## Exercise directions
When a line of the listing below has the string "type" in it, copy that line.

[[ Task input open ]]

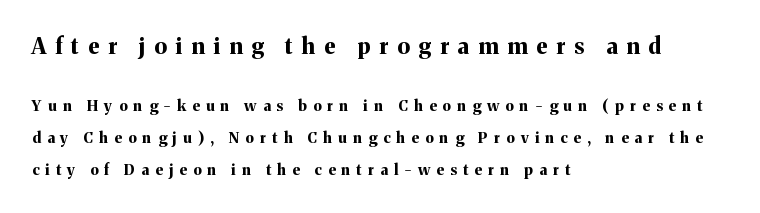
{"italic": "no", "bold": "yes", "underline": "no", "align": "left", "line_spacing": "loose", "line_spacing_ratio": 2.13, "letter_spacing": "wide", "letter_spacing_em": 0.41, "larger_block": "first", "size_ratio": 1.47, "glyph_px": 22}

[[ Task input closed ]]
[[ Task input open ]]

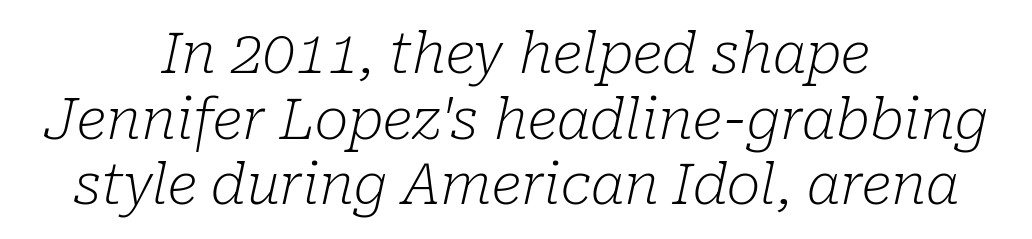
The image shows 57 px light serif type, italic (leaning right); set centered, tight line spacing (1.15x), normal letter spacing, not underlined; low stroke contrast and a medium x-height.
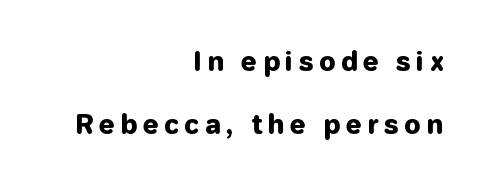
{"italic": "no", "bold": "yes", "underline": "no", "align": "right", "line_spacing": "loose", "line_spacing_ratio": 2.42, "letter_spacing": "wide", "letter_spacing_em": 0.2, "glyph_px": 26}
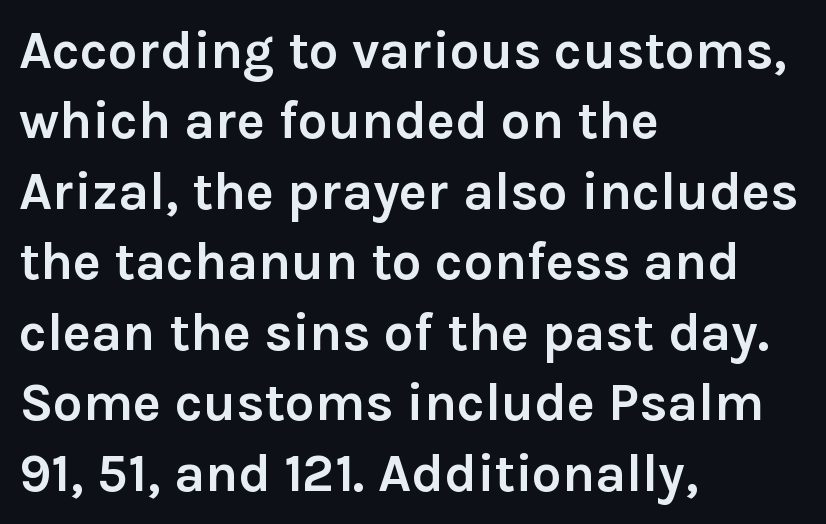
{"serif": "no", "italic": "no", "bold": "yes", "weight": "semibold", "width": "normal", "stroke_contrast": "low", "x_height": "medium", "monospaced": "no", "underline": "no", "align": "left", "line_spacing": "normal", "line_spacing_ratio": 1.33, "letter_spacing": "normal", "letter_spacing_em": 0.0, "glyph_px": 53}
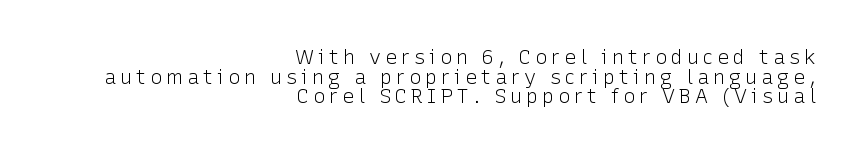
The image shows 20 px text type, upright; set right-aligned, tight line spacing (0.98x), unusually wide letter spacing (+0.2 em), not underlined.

[[ Task input closed ]]

## Written reply
The image shows 57 px light serif type, italic (leaning right); set centered, tight line spacing (1.15x), normal letter spacing, not underlined; low stroke contrast and a medium x-height.
The image shows 20 px text type, upright; set right-aligned, tight line spacing (0.98x), unusually wide letter spacing (+0.2 em), not underlined.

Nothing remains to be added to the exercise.